10 social media behaviors physicians should avoid

Physicians must be particularly careful when using social media. Below are 10 common social media pitfalls to avoid, according to a Jan. 7 article by Medscape.

10 social media behaviors physicians should avoid: 

1. Not recognizing the viral nature of social media. Social media can magnify one comment, sending it across channels and reaching thousands. Removed posts may have already been shared or screenshotted.

2. Violating patient privacy. Risky situations include diagnosing patients with colleagues, posting cases on a practice website and uploading photos with a patient's face or information in the background. Eliminate all patient specifics. Written consent is required if patients are identified for marketing or other purposes. 

3. Responding to patients' friend requests. Don't add patients on personal pages. Patients could ask for medical advice, which could lead to a HIPAA violation. Instead, set up a private page for family and friends, along with a professional page for the public. 

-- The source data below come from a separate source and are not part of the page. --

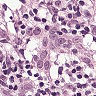
Metastatic tissue present: no
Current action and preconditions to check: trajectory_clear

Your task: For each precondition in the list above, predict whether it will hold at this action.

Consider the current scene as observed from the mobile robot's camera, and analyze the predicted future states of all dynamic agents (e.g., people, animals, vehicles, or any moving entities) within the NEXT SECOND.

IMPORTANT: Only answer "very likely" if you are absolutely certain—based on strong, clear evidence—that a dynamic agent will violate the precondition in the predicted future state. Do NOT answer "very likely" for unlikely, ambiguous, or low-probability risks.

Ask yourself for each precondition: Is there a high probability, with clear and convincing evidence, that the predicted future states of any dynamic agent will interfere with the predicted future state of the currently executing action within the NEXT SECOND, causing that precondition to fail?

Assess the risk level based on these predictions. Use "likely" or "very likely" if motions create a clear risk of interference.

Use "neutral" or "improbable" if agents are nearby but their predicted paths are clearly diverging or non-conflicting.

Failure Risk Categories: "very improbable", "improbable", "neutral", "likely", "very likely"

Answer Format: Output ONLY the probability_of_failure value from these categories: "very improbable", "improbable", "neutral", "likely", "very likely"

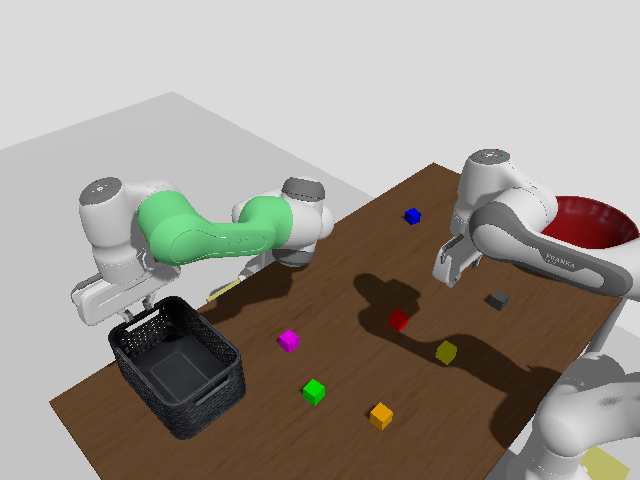

Answer: very improbable
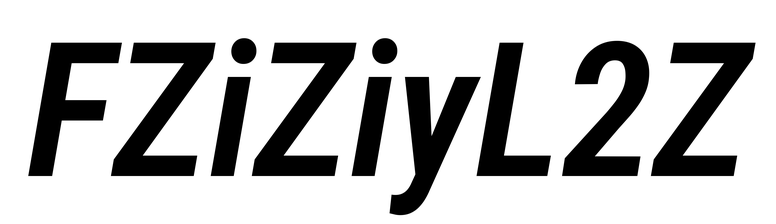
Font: Roboto-Italic_Condensed_SemiBold_Italic
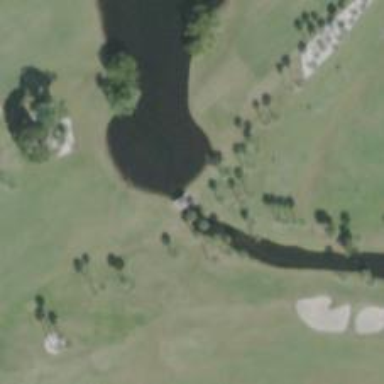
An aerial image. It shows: Footway on bridge that resembles golf cart path.
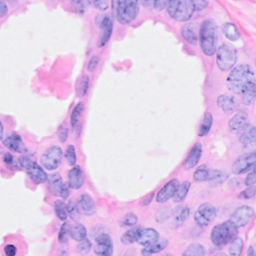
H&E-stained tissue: Breast
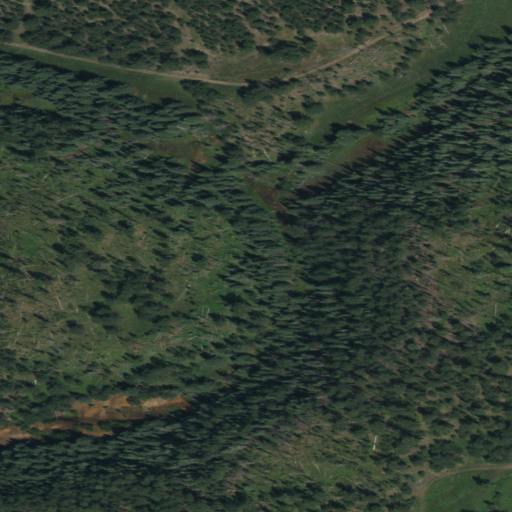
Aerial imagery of valley in South Dakota named Maitland Draw containing only evergreen forest
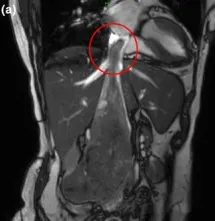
Coronal views of cine MRI before surgery showing the. Tumor apex.
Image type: radiology (mri)
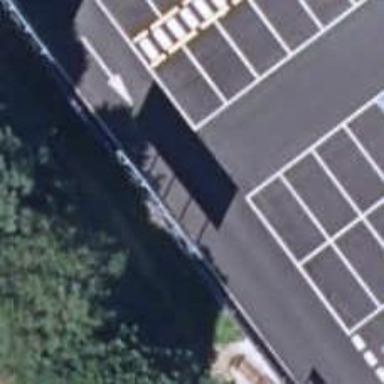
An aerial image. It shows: Parking aisle designated as service road.
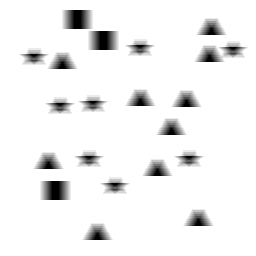
Squares: 3
Triangles: 10
Stars: 8
Total shapes: 21
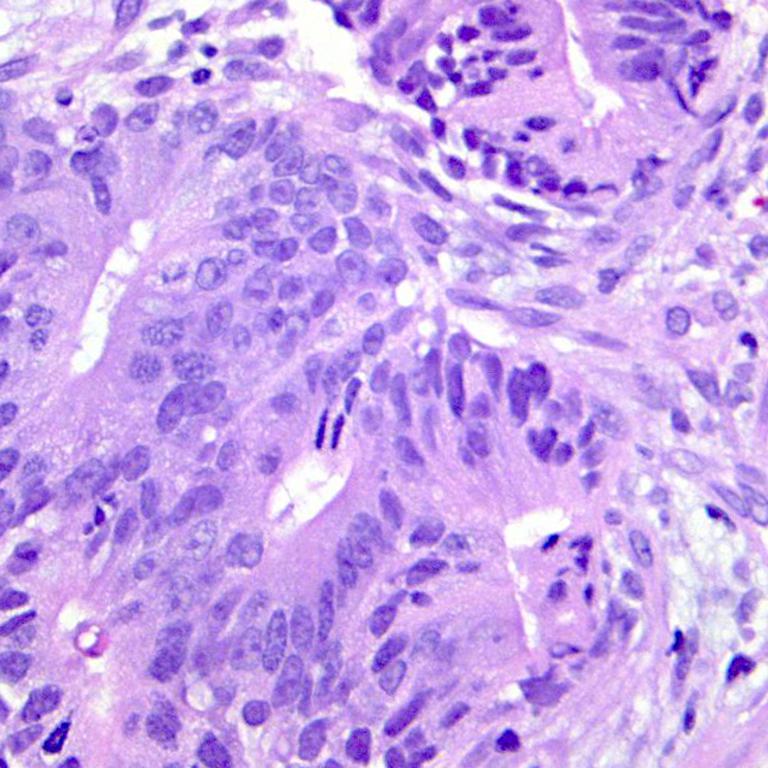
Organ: colon
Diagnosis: adenocarcinomas
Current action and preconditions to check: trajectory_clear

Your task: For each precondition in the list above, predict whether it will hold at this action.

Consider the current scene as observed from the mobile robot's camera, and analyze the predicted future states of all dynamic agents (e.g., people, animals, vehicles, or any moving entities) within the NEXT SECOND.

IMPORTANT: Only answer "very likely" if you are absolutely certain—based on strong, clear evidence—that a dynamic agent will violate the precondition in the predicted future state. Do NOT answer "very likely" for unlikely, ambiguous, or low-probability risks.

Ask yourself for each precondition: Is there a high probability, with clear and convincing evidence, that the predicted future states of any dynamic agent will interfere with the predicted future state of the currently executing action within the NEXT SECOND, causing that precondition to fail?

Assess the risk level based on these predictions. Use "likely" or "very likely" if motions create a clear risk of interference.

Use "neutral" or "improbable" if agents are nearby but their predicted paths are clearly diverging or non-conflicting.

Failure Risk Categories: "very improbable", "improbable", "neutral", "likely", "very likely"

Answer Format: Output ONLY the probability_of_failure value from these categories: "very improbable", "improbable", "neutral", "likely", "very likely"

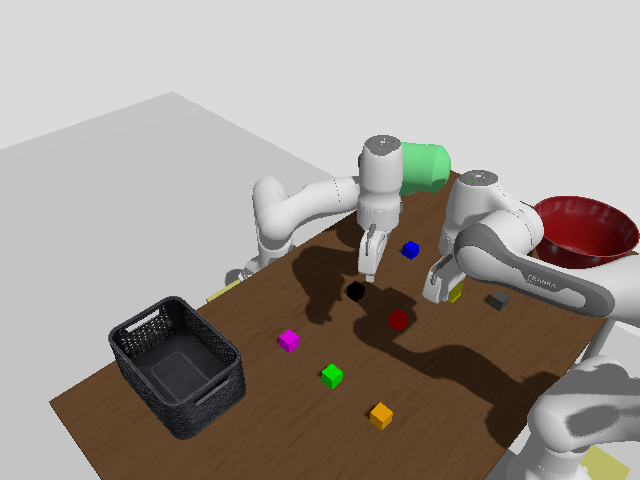

Answer: neutral
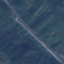
Land use / land cover class: Highway
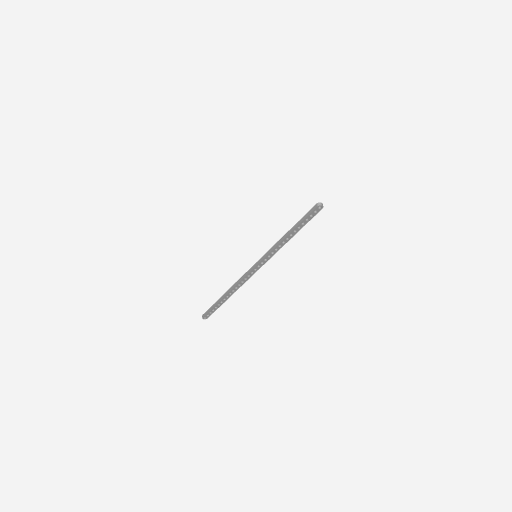
Part: FlatBeam35H
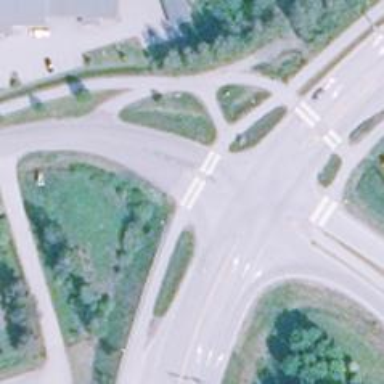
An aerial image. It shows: Uncontrolled road crossing.
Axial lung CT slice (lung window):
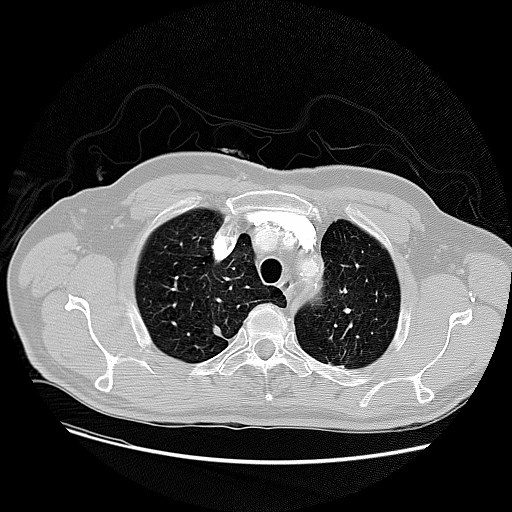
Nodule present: no
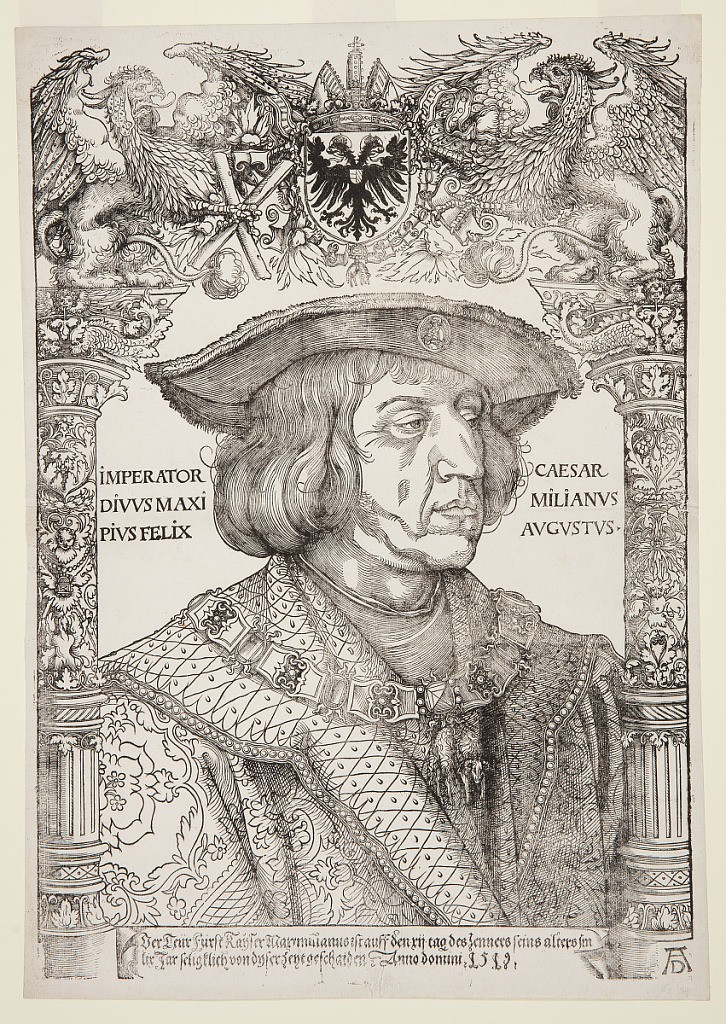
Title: Portrait of Maximilian I
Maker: Albrecht Dürer, German, 1471–1528
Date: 1518–19
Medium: Woodcut on off-white laid paper
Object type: Print
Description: Portrait of Holy Roman Emperor Maximilian I with an ornamental border by Hans Weiditz.
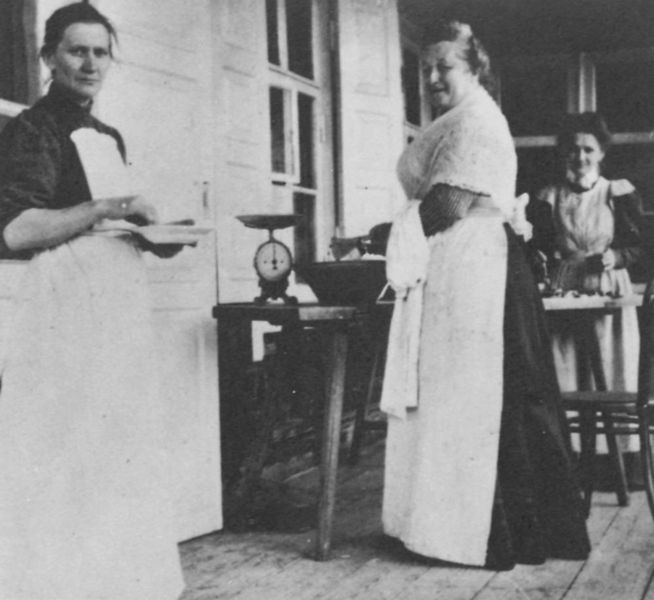
Titel: Marmelade einkochen nach überliefertem Rezept
Künstler: Russischer Photograph
Schlagwörter: dunkel, weiß, frauen, menschen, ausschnitt, damen, fenster, frau, frisur, geste, grau, hell, holz, kleid, kleider, schwarz, stuhl, stühle, tisch, tische, tür, blick, haus, tuch, schleife, alt, schale, schüssel, stehen, teller, blicken, schauen, tischbein, boden, drei, arbeit, schürze, terrasse, magd, parkett, arbeiten, backen, schürzen, sprossenfenster, amerika, laden, dielen, hocker, planken, holzboden, uhr, bedienstete, bretter, stola, schwestern, foto, fotografie, photographie, fensterladen, veranda, verkauf, waage, amme, schwarz-weiss, zille, dienstboten, hausfrau, photo, küche, köchin, kochen, klei, krankenhaus, fotographie, kräftig, füllung, aufnahme, photografie, angestellte, messen, waagschale, bakcen, hausangestellt, hausfrauen, hüche, köchinnen, matronen
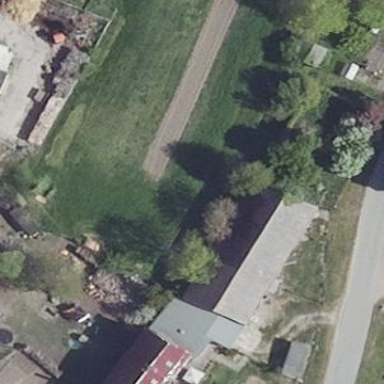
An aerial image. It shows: Shed building.
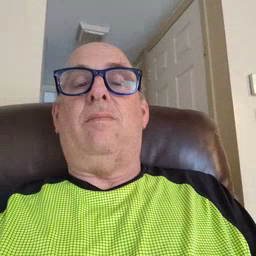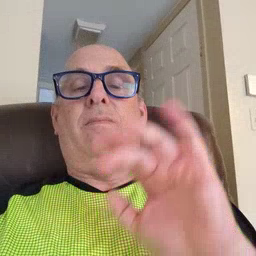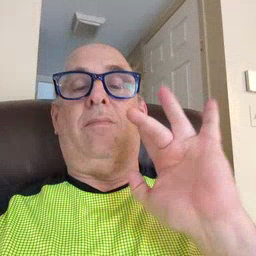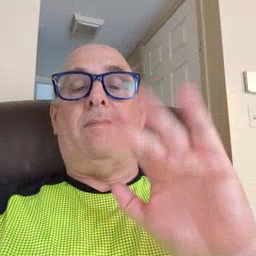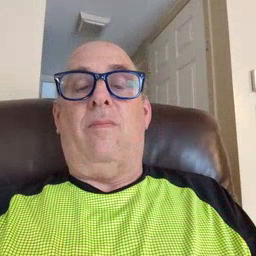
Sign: touch
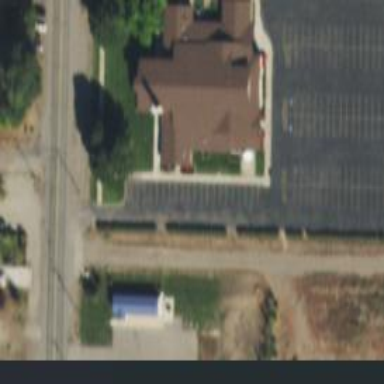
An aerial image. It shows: Beautiful church building.
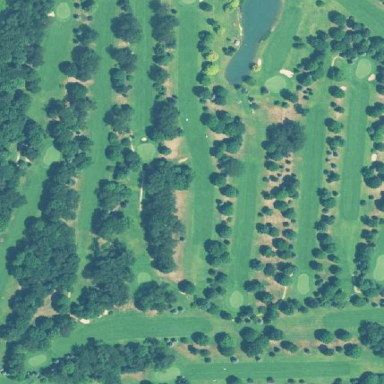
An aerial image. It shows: Golf course.
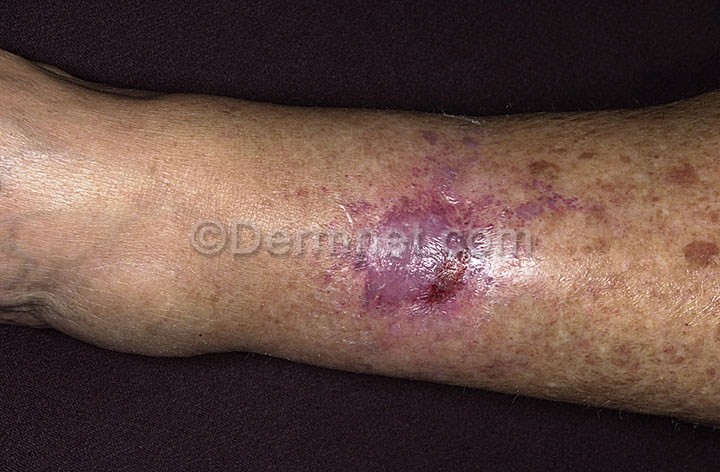
Disease: Scabies Lyme Disease and other Infestations and Bites
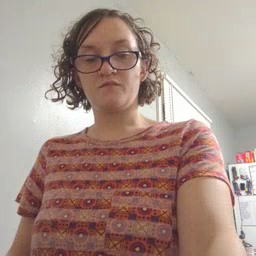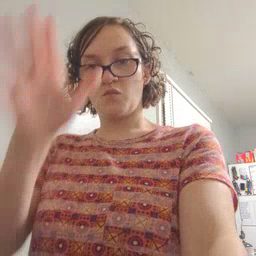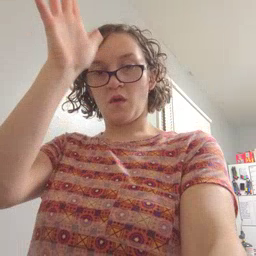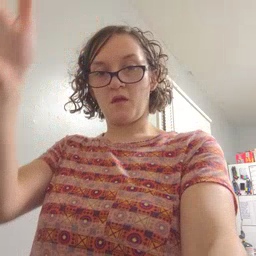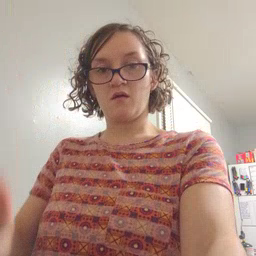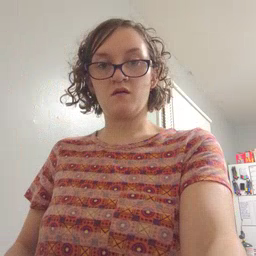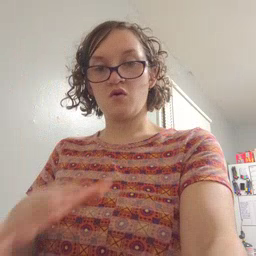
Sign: grandpa
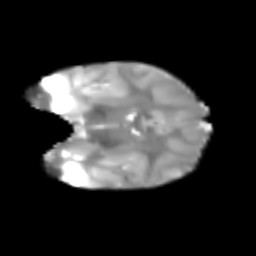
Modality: T2w
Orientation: coronal
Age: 6
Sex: female
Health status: healthy
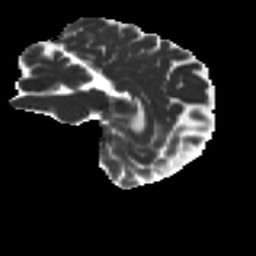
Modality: MD
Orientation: sagittal
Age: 49
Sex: female
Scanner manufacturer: ge
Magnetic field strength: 3 T
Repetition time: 7.8 s
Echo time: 0.0606 s

4. Giving specific medical advice to patients. Don't respond to patient-specific questions. Replies could violate HIPAA or meet the legal definition of a physician-patient relationship. Have patients come in for an office visit instead. 

5. Posting unprofessional behavior. Don't post potentially objectionable content, such as profanity, drunkenness, unprofessional behavior at work or sexually suggestive posts. Set privacy settings to only allow sharing with a small number of people.

6. Unprofessional statements. Providers who posted even one negative comment on Facebook seemed to have lost credibility among potential patients, according to a study cited by Medscape. Comments about race or gender are especially inflammatory.

7. Violating employers' social media restrictions. Many organizations ban social media use on workplace computers, but can't block access on smartphones or laptops, so they set rules about general social media use. Be aware of employers' differing policies. 

8. Not revealing conflicts of interest. When posting about a procedure or product, the Federation of State Medical Boards says "physicians must reveal any existing conflicts of interest and they should be honest about their credentials as a physician."

9. Creating negative impressions. Outdated practice profiles, self-absorption and inconsistencies in profiles across social media can all leave a negative impression.

10. Posting too much. If followers are bombarded by too many posts, they may start to ignore content. Two to three posts a week is sufficient.